Se sorprendió al encontrarle en la fuente tres meses después de que él, cansado de su indiferencia, dejara de presentarse frente a la tienda de sus padres. Ir a por agua era un trabajo de chicas y solo lo hacían los muchachos en casas donde no las había. Vio cómo él se azoraba y ella desvió la mirada sin saber qué hacer; era el único chico del que lamentó su desaparición tras ignorarle un tiempo. Era especial.

Su encuentro en la fuente le produjo una impresión inesperada y buscó excusas para que la criada fuera a por agua los días siguientes.

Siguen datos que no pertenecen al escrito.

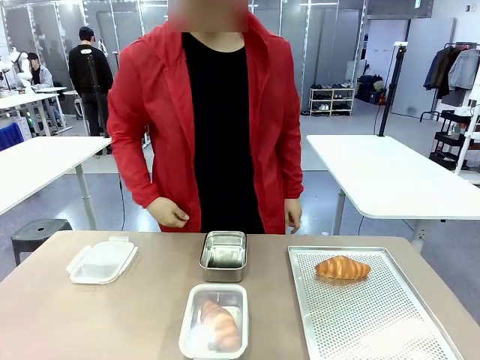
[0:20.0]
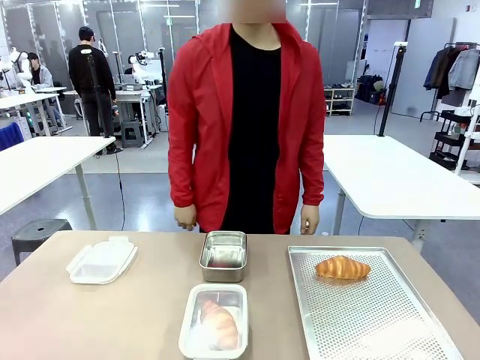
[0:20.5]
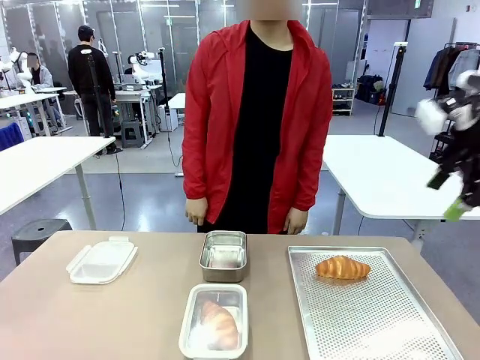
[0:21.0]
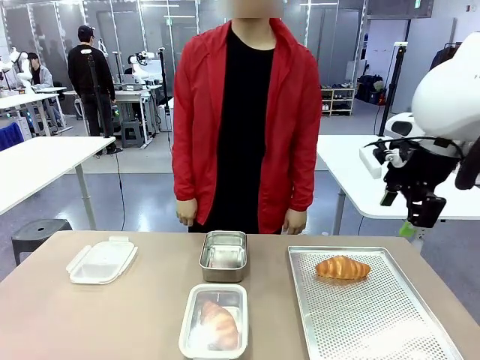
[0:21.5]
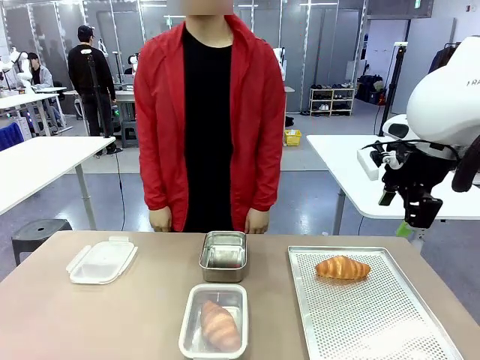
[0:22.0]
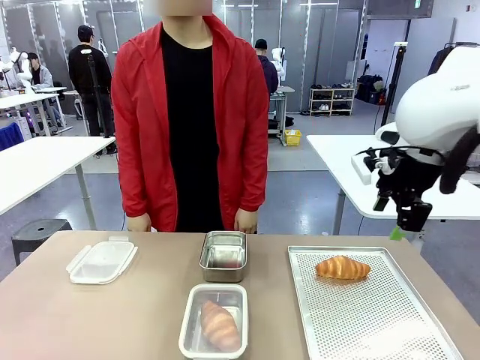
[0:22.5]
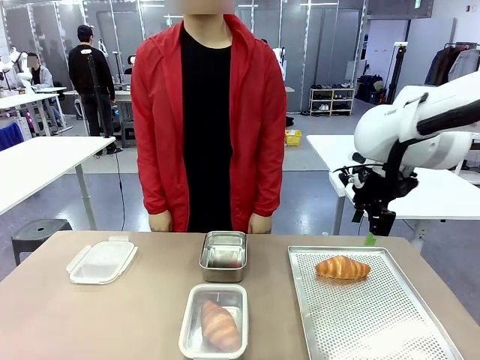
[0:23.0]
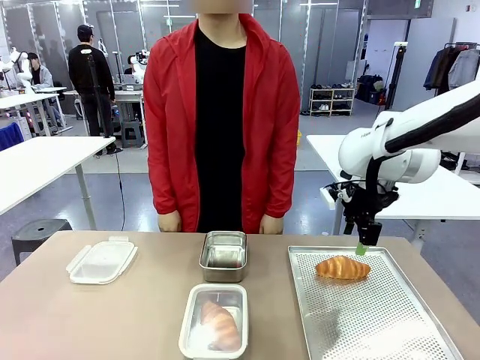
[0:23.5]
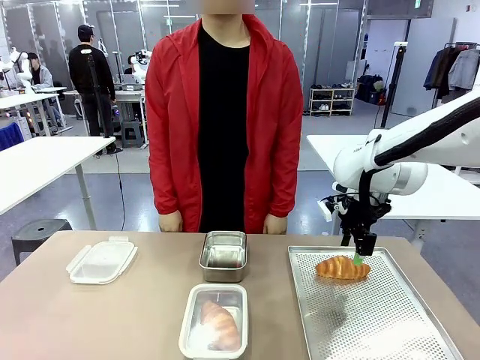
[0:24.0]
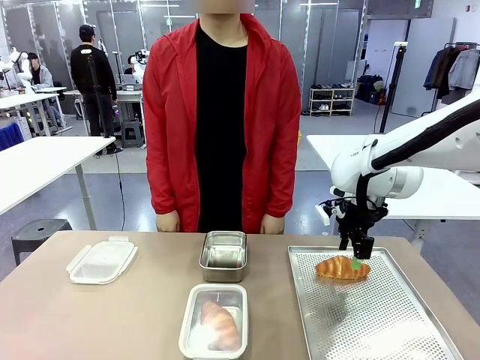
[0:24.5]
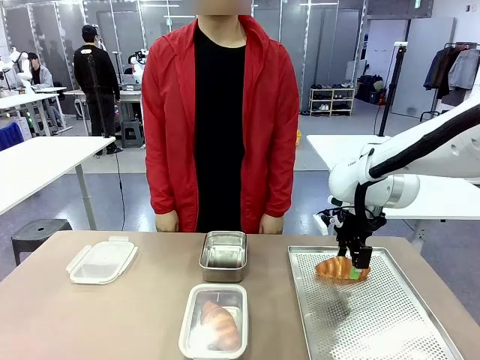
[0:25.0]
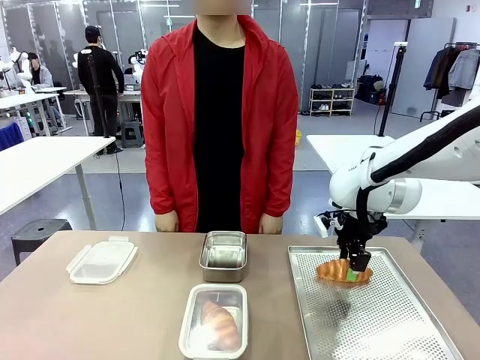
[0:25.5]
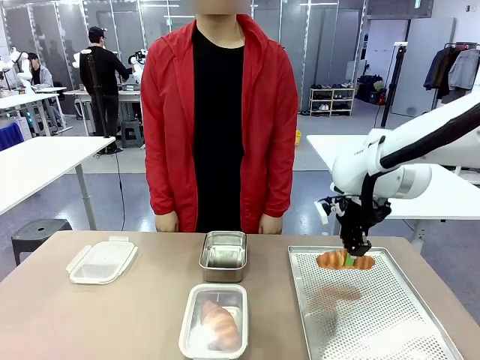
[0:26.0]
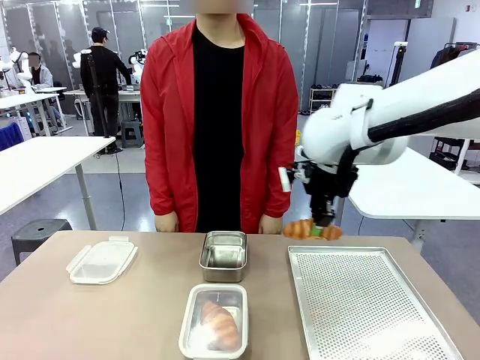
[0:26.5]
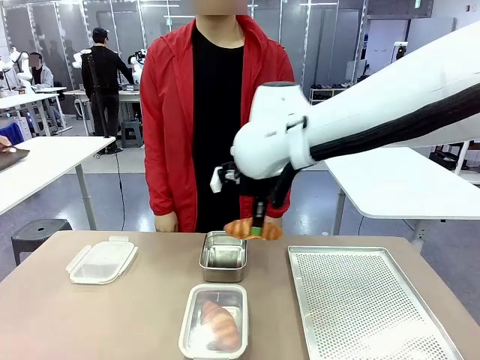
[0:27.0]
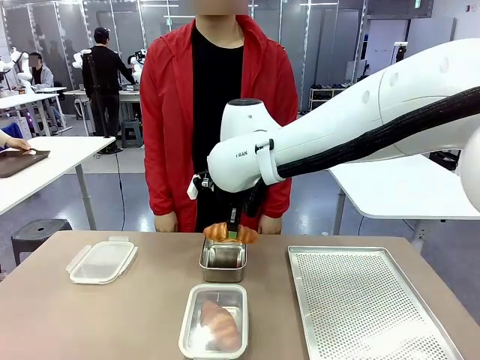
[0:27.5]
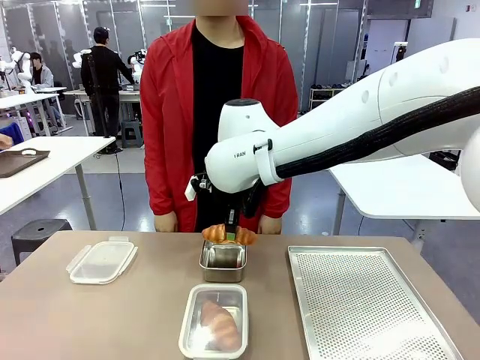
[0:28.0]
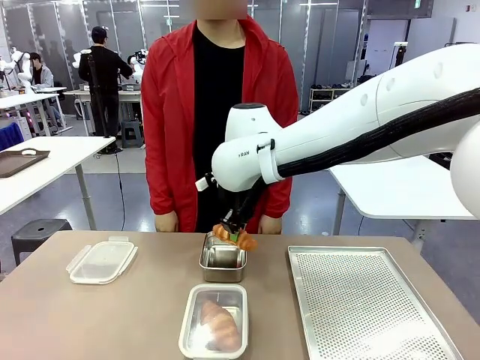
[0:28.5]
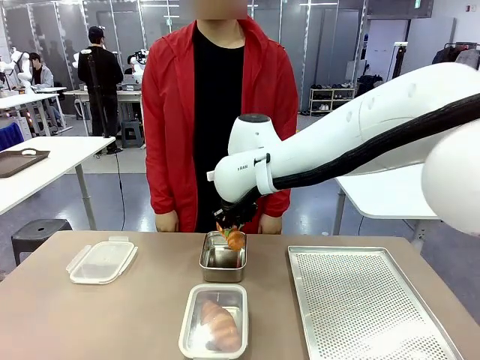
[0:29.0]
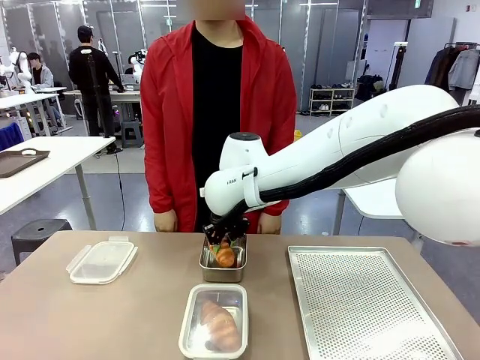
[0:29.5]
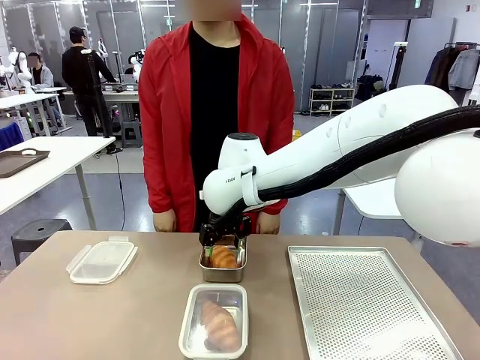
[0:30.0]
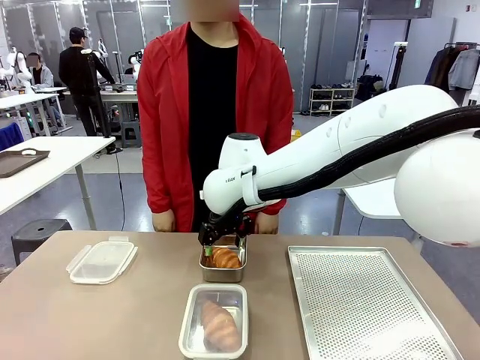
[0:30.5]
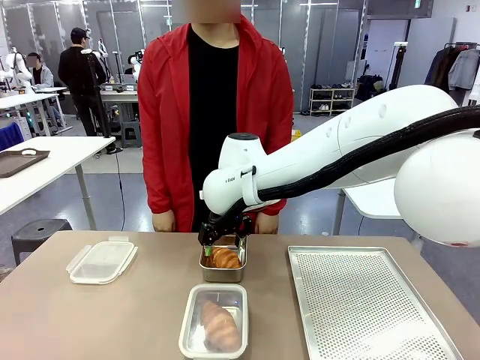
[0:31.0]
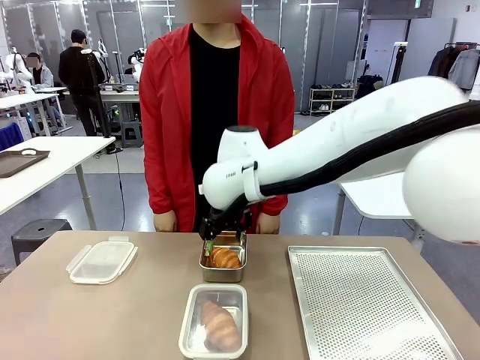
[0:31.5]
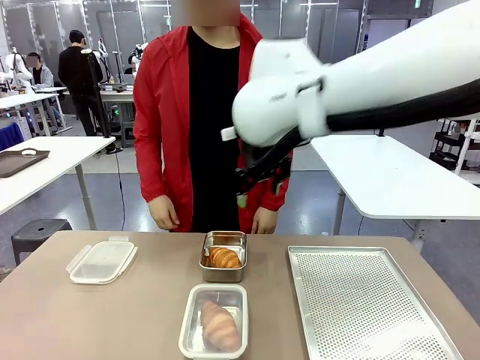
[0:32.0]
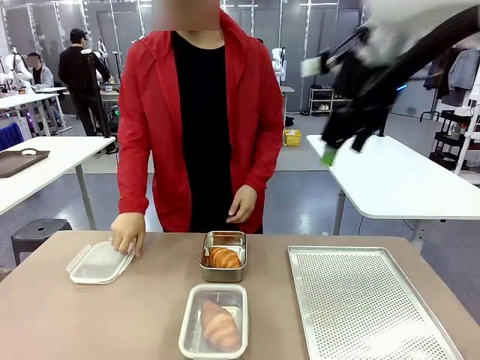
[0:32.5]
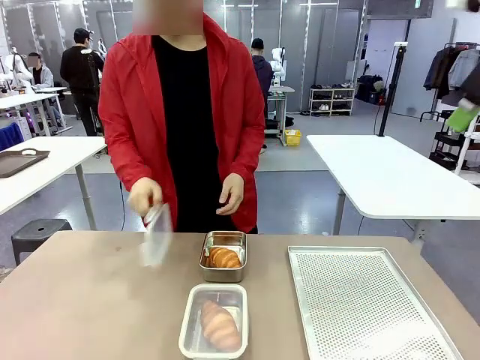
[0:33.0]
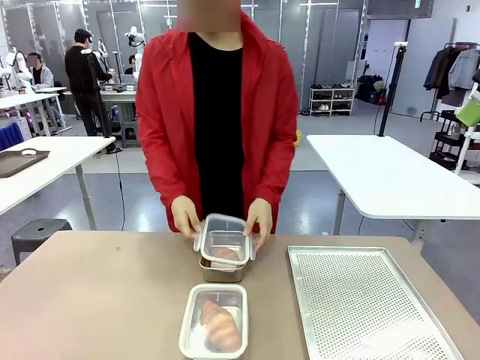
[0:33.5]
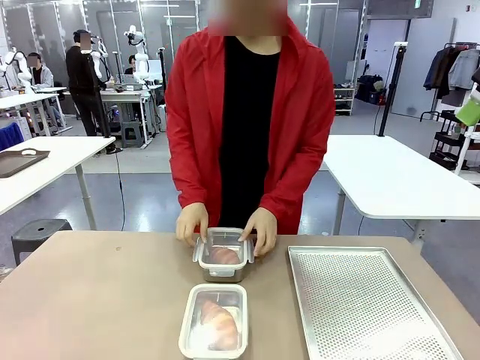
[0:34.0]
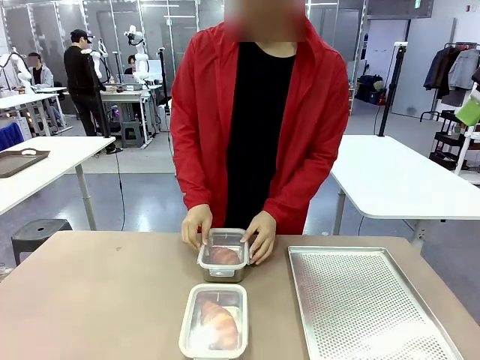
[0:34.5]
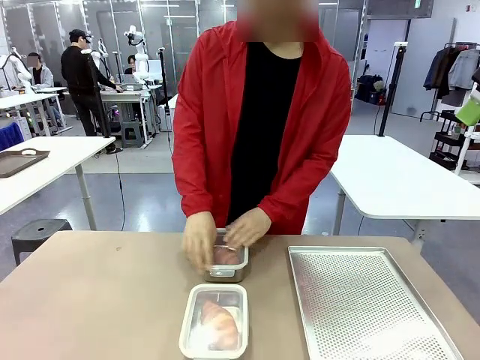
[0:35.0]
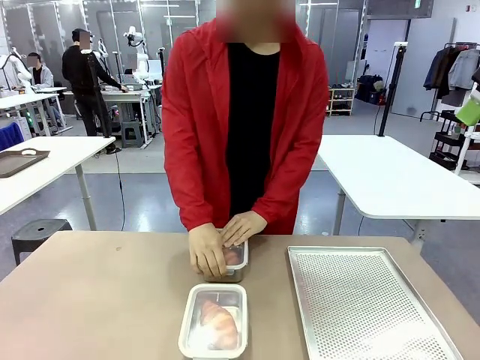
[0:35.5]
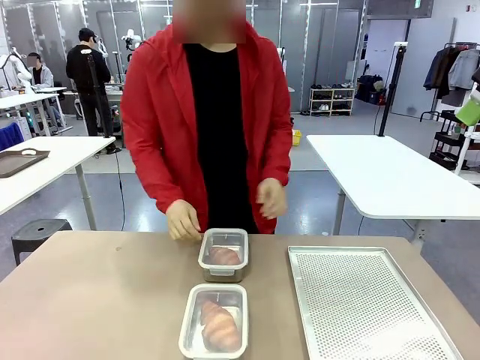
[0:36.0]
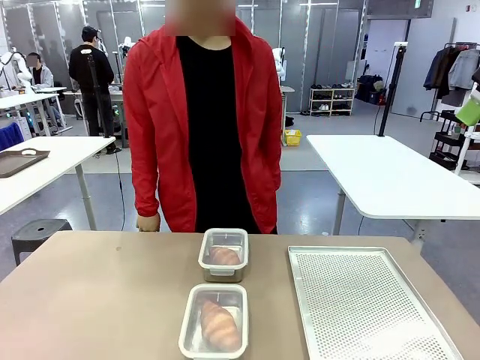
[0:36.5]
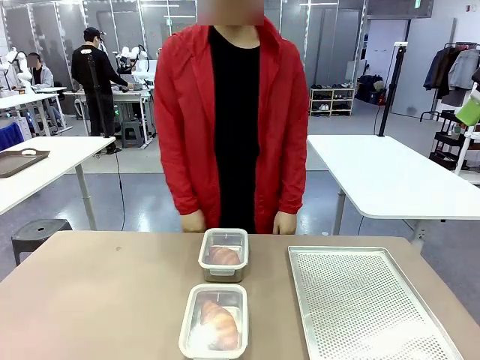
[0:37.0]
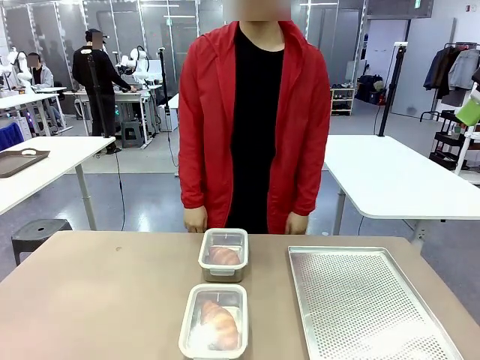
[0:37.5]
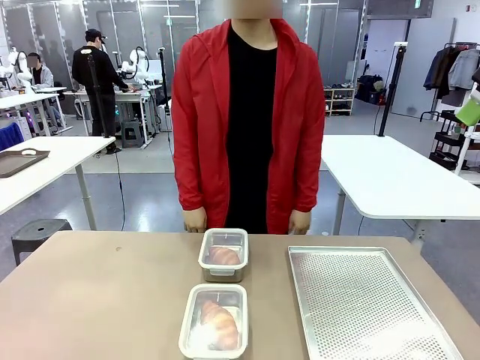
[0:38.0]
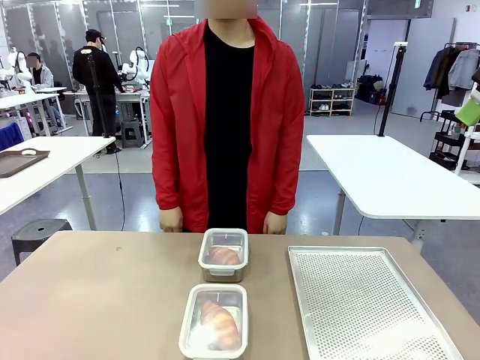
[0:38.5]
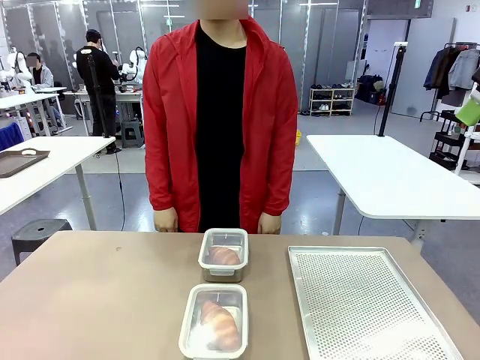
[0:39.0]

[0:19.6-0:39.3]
Task: Place the bread into the airtight container.
Robot: Pick up a Butter Roll and place it into an empty Airtight Container.
Person: Once a Butter Roll is inside an Airtight Container , close the lid of that Airtight Container.

Sin embargo, al regresar lo hizo decidida a conocerle mejor. Anna tenía moscones más guapos que aquel chico zumbando a su alrededor y Joan continuaba siendo inadecuado para los padres de ella a pesar de tener la piel más clara y vestir jubón. Pero Anna aún no había cumplido los trece años, las de sus padres no eran sus preocupaciones, aquel chico era distinto y la atraía.

Después de algunas escaramuzas en los alrededores de Granollers, Pere Joan Sala comprendió que sus remensas no podrían resistir frente a un ejército de aquel tamaño. Quiso retirar sus tropas de una forma ordenada, pero fueron alcanzados en su huida hacia el norte el día 24 de marzo en Llerona. Sufrieron una derrota total, doscientos murieron en el combate y otros tantos fueron apresados incluido el líder. Los demás escaparon como pudieron.

Cuando la noticia llegó a la ciudad, se echaron al vuelo las campanas, y lo hicieron de nuevo cuando entró el ejército victorioso, aclamado por la población. Apenas media docena de ciudadanos habían muerto, era una gran victoria y los vecinos se felicitaban por las calles.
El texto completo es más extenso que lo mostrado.